Evaluation of Clinical Laboratory Findings with Computed Tomography Segmentation-Volume Analysis Results in COVID-19 Patients
COVID-19'da laboratuvar bulguları ve bilgisayarlı tomografi
Keywords:
Covid-19, bilgisayarlı tomografi, llaboratuvar parametreleri, inflamasyon, biyobelirteç, risk faktörüAbstract
Objective: COVID-19 is a disease caused by SARS-COV-2 and early diagnosis and classification of the COVID-19 are critical for the better prognosis. This study aimed to combine laboratory data of COVID-19 patients with Computed Tomography Segmentation-Volume Analysis (CT-SVA). Thus, we hope to contribute to the early diagnosis and classification of the disease.
Methods: Patients were divided into two groups according to disease severity as mild/moderate (n=41) and severe/critical (n=42). Some laboratory parameters were recorded and evaluated together with CT-SVA.
Results: The results of the study have shown that sodium, C-reactive protein, D-dimer, ferritin, fibrinogen, interleukin 6, procalcitonin, white blood cells, neutrophil, neutrophil-lymphocyte ratio values were significantly higher at first admission in the severe/critical diseased group (p<0.05), while albumin, lymphocyte, and venous blood pH values were significantly lower (p<0.05).
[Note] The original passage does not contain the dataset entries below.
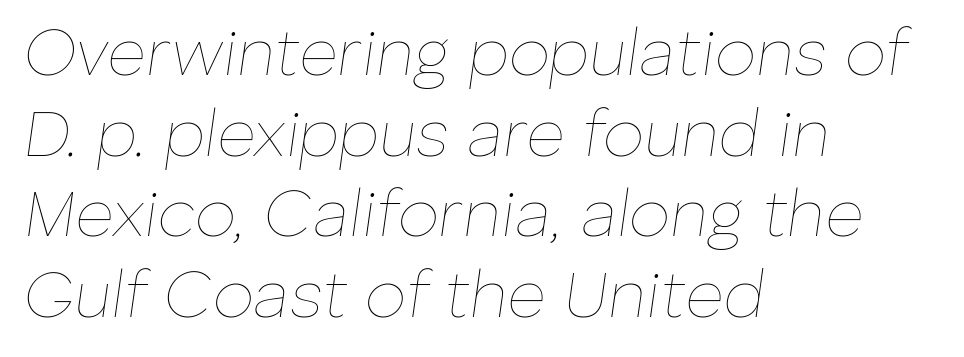
{"italic": "yes", "lean": "right", "slant_degrees": 8, "bold": "no", "weight": "thin", "width": "normal", "stroke_contrast": "low", "x_height": "medium", "monospaced": "no", "underline": "no", "align": "left", "line_spacing_ratio": 1.22, "letter_spacing": "normal", "letter_spacing_em": 0.0, "glyph_px": 66}
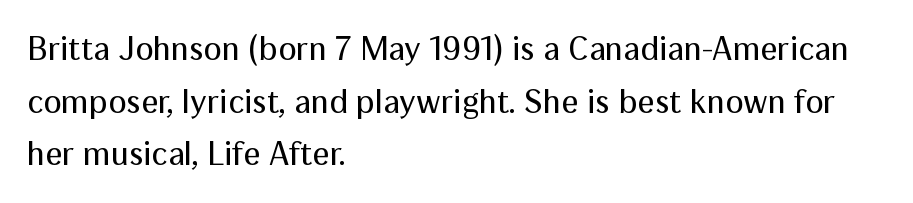
The image shows 34 px regular-weight sans-serif type, upright; set left-aligned, normal line spacing (1.55x), normal letter spacing, not underlined; medium stroke contrast and a medium x-height.
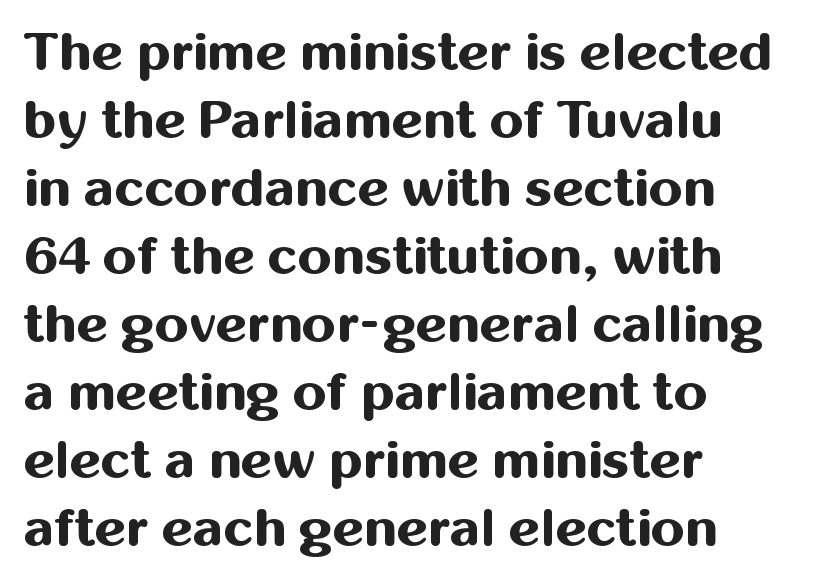
This rendering leaves character spacing at its baseline value. Unlike a traditional serif, this face leaves its strokes unadorned. The space beneath each line is pristine and unruled. Layout note: lines flush left.
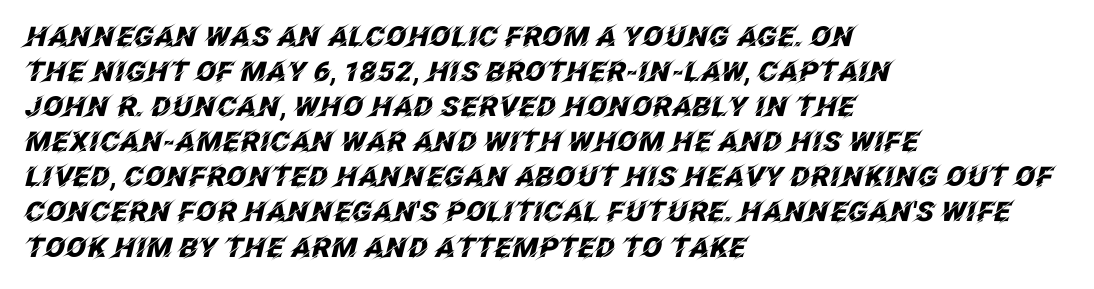
The image shows 27 px bold type, italic (leaning right); set left-aligned, normal line spacing (1.3x), normal letter spacing, not underlined.
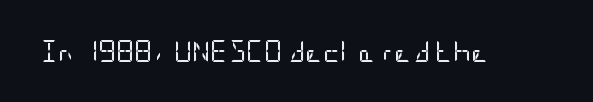
The image shows 22 px text type, upright; set normal letter spacing, not underlined.
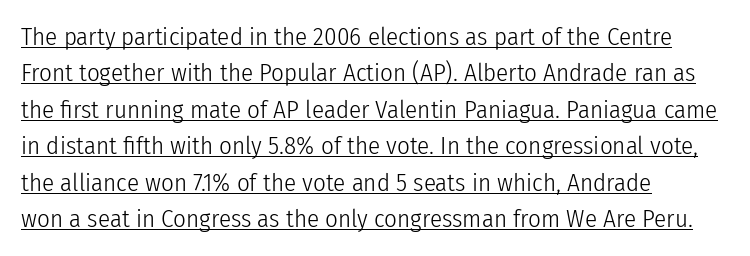
Q: Is the text bold? A: No.
Q: Is the text italic (slanted)? A: No, it is upright.
Q: Is the text underlined? A: Yes.
Q: How is the paragraph aligned? A: Left-aligned.
Q: Is the spacing between letters normal or unusually wide? A: Normal.
Q: Is the spacing between lines tight, normal or loose? A: Normal.
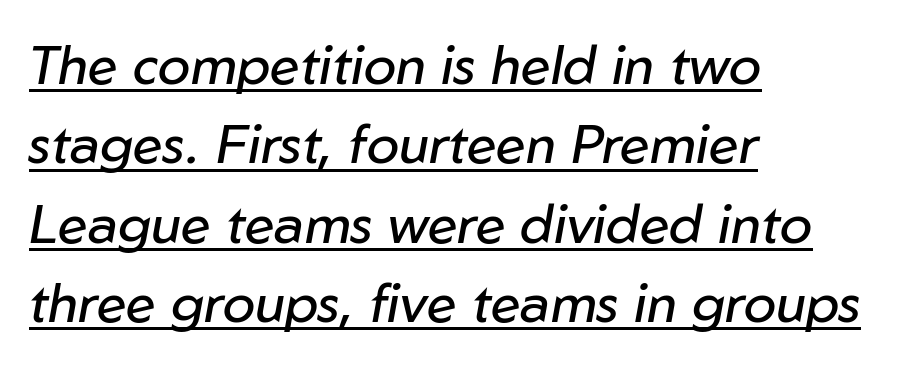
The image shows 54 px regular-weight type, italic (leaning right); set left-aligned, normal line spacing (1.47x), normal letter spacing, underlined; low stroke contrast and a medium x-height.
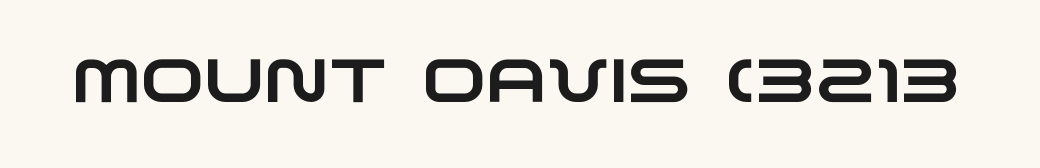
Q: Is the typeface a serif or a sans-serif typeface? A: Sans-serif.
Q: Is the text underlined? A: No.
Q: Is the spacing between letters normal or unusually wide? A: Normal.
Q: Width (condensed, normal, or wide)? A: Wide.
Q: Stroke contrast? A: Low.
Q: x-height? A: Large.
Q: Monospaced? A: No.
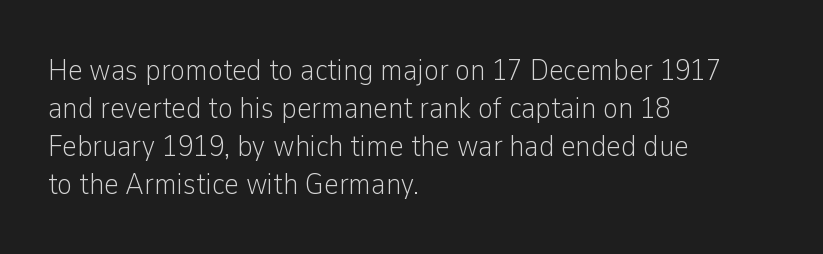
{"serif": "no", "italic": "no", "bold": "no", "weight": "light", "width": "condensed", "stroke_contrast": "low", "x_height": "medium", "monospaced": "no", "underline": "no", "align": "left", "line_spacing_ratio": 1.23, "letter_spacing": "normal", "letter_spacing_em": 0.0, "glyph_px": 31}
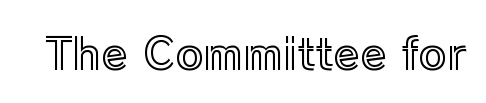
The image shows 43 px text type, upright; set normal letter spacing, not underlined; a medium x-height.
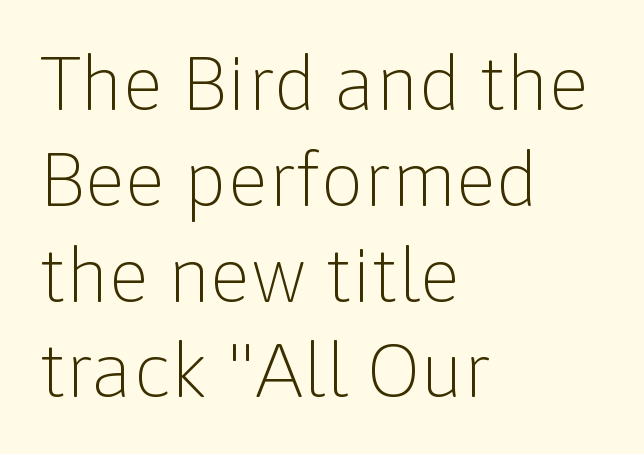
The image shows 76 px light sans-serif type, upright; set left-aligned, normal line spacing (1.26x), normal letter spacing, not underlined; low stroke contrast and a medium x-height.
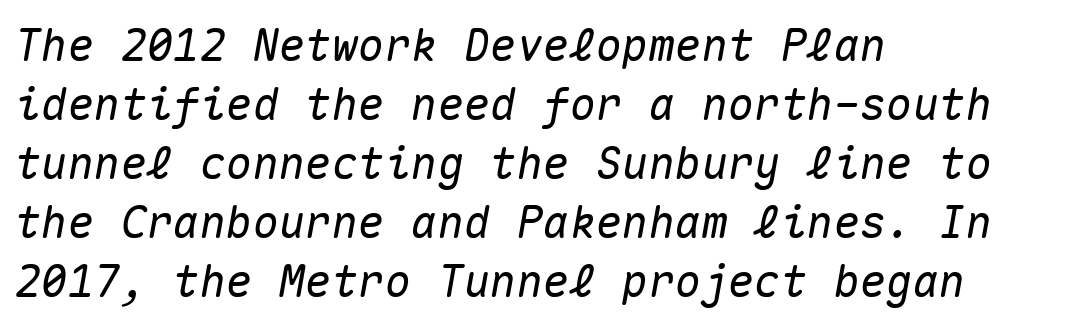
Designer's note — italics engaged. Between one letter and the next there's only the usual sliver of space. Beneath every word, the page is bare. These lines stack with their left ends in a neat column. Is there much room between lines? A standard amount, neither cramped nor airy.
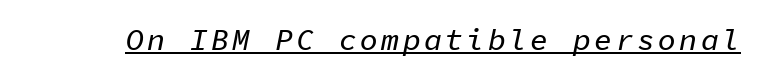
Q: Is the text italic (slanted)? A: Yes, it leans right by about 11 degrees.
Q: Is the text underlined? A: Yes.
Q: Width (condensed, normal, or wide)? A: Normal.
Q: Stroke contrast? A: Low.
Q: x-height? A: Medium.
Q: Monospaced? A: Yes.
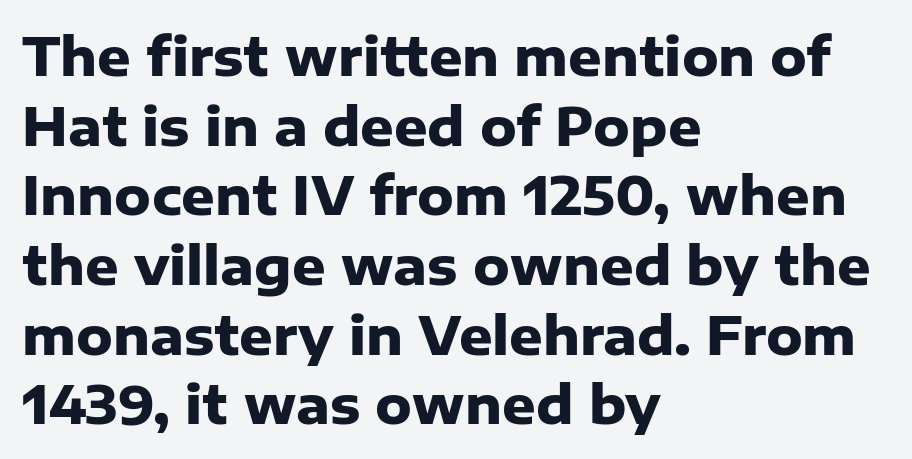
The image shows 52 px heavy sans-serif type, upright; set left-aligned, normal line spacing (1.34x), normal letter spacing, not underlined; low stroke contrast and a medium x-height.
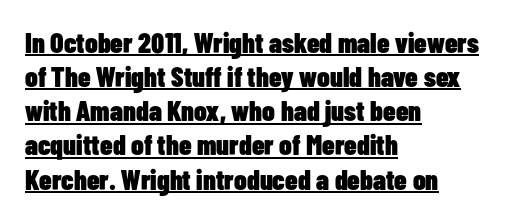
A roman cut, with each character standing at attention. Inter-character spacing is left at the font's built-in metrics. Short and long lines alike share a common starting point at left. Is there an underline? Yes — a line sits under the letters.
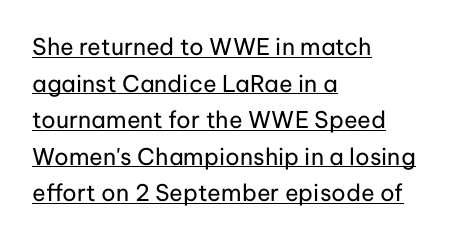
{"italic": "no", "bold": "no", "underline": "yes", "align": "left", "line_spacing": "normal", "line_spacing_ratio": 1.59, "letter_spacing": "normal", "letter_spacing_em": 0.0, "glyph_px": 23}
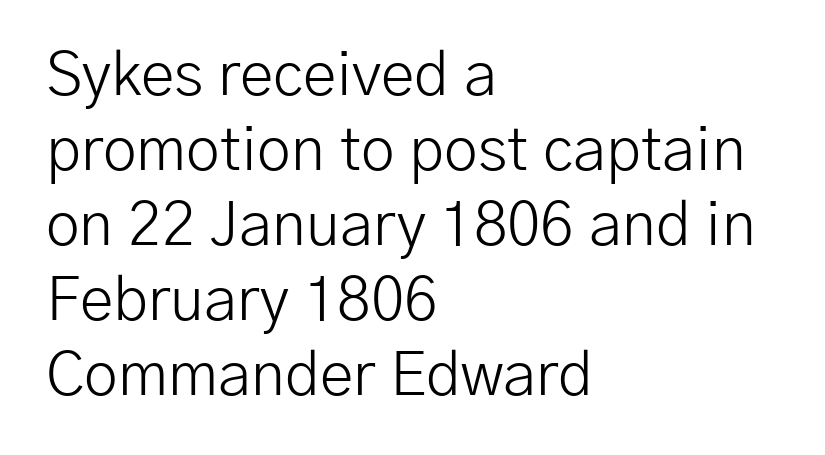
Rule under the text: the space is simply empty. The ragged edge is on the right, which tells us the setting is flush left. What kind of face is this? One without serifs — a sans. Weight: in the light-to-regular range. A typesetter would call this proportional, since set widths differ per character.
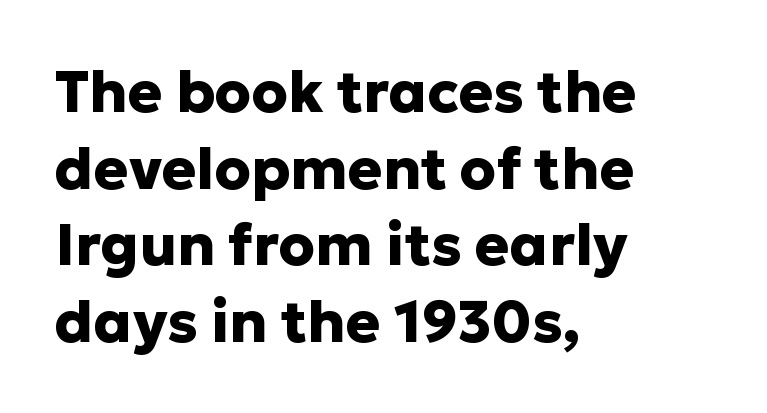
Emphasis by weight is at full strength: bold. Does the type have serifs? No, each stem ends abruptly. Observe the ordinary spacing: letters are neighbours, not strangers. The face used here is proportionally spaced, like ordinary book or web type. Nobody drew a line under any word here. The typography opts for an upright posture over an oblique one.
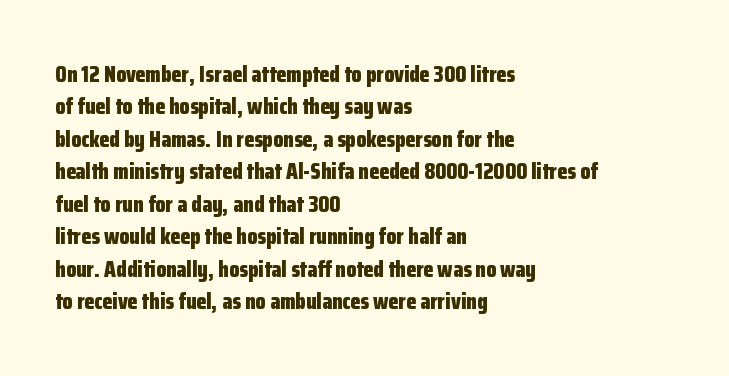
The space directly below the letters is spotless. A dark, heavy texture on the line: the type is bold. Every row of glyphs begins at an identical x-position on the left. Posture: vertical.
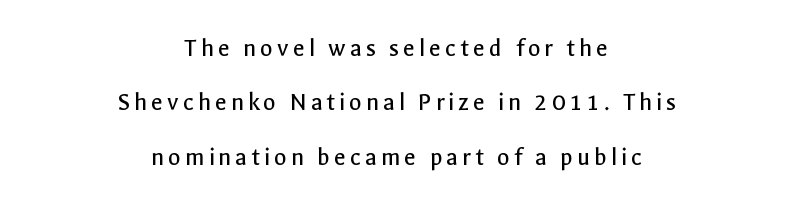
The image shows 26 px text type, upright; set centered, loose line spacing (2.09x), not underlined.
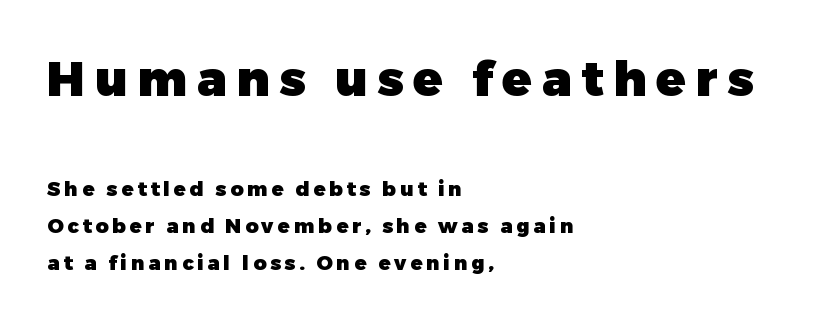
The image shows 49 px heavy sans-serif type, upright; set left-aligned, line spacing 1.84x, not underlined; the first (top) block is 2.45x larger; low stroke contrast and a medium x-height.
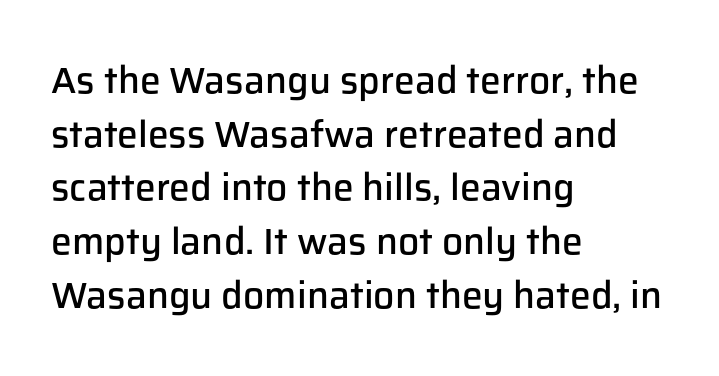
Q: Is the text bold? A: Semi-bold.
Q: Is the text italic (slanted)? A: No, it is upright.
Q: Is the typeface a serif or a sans-serif typeface? A: Sans-serif.
Q: Is the text underlined? A: No.
Q: How is the paragraph aligned? A: Left-aligned.
Q: Is the spacing between letters normal or unusually wide? A: Normal.
Q: Is the spacing between lines tight, normal or loose? A: Normal.
Q: Width (condensed, normal, or wide)? A: Normal.
Q: Stroke contrast? A: Low.
Q: x-height? A: Medium.
Q: Monospaced? A: No.
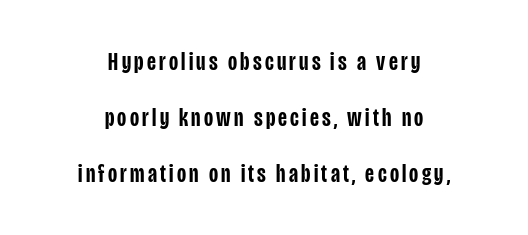
Q: Is the text bold? A: Semi-bold.
Q: Is the text italic (slanted)? A: No, it is upright.
Q: Is the text underlined? A: No.
Q: How is the paragraph aligned? A: Centered.
Q: Is the spacing between lines tight, normal or loose? A: Loose.
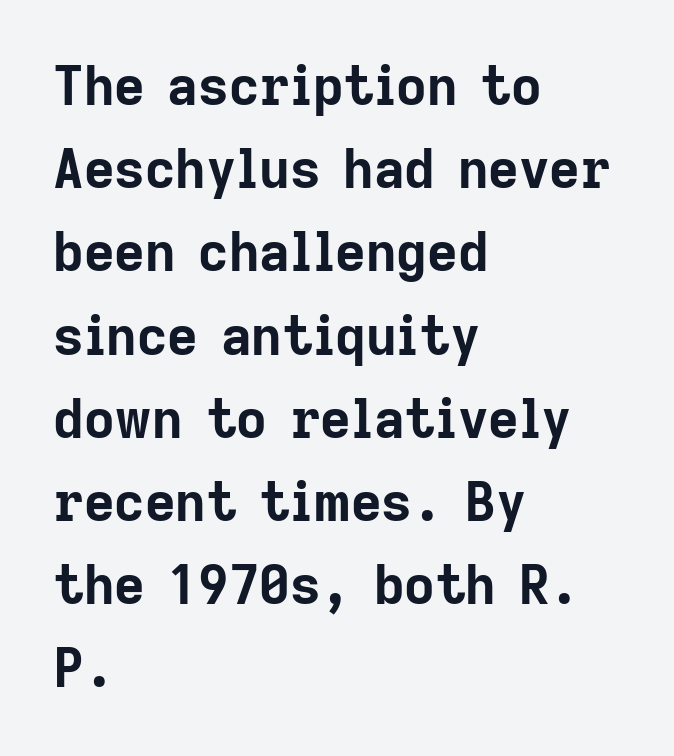
Q: Is the text bold? A: Yes.
Q: Is the text italic (slanted)? A: No, it is upright.
Q: Is the typeface a serif or a sans-serif typeface? A: Sans-serif.
Q: Is the text underlined? A: No.
Q: How is the paragraph aligned? A: Left-aligned.
Q: Is the spacing between letters normal or unusually wide? A: Normal.
Q: Is the spacing between lines tight, normal or loose? A: Normal.
Q: Width (condensed, normal, or wide)? A: Normal.
Q: Stroke contrast? A: Low.
Q: x-height? A: Medium.
Q: Monospaced? A: No.

CT-SVA results have shown negative correlation with albumin, while having a positive correlation with C-reactive protein, D-dimer, ferritin, fibrinogen, interleukin 6 and procalcitonin. The results of the performed Receiver Operating Characteristics analysis revealed that CT-SVA has a cut-off value of 15.92 with a sensitivity of 87.1% and a specificity of 80.0% in predicting disease severity. Binary logistic regression model has included CT-SVA, D-dimer, ferritin, interleukin 6, and neutrophil-lymphocyte ratio. The model correctly classified 88.1% of cases. CT-SVA, D-dimer, ferritin, interleukin 6, and neutrophil-lymphocyte ratio were detected to be the independent predictors of disease severity.
Conclusion: Evaluation of laboratory parameters together with CT-SVA results will help identification of cases with a poor prognosis and accelerate intervention.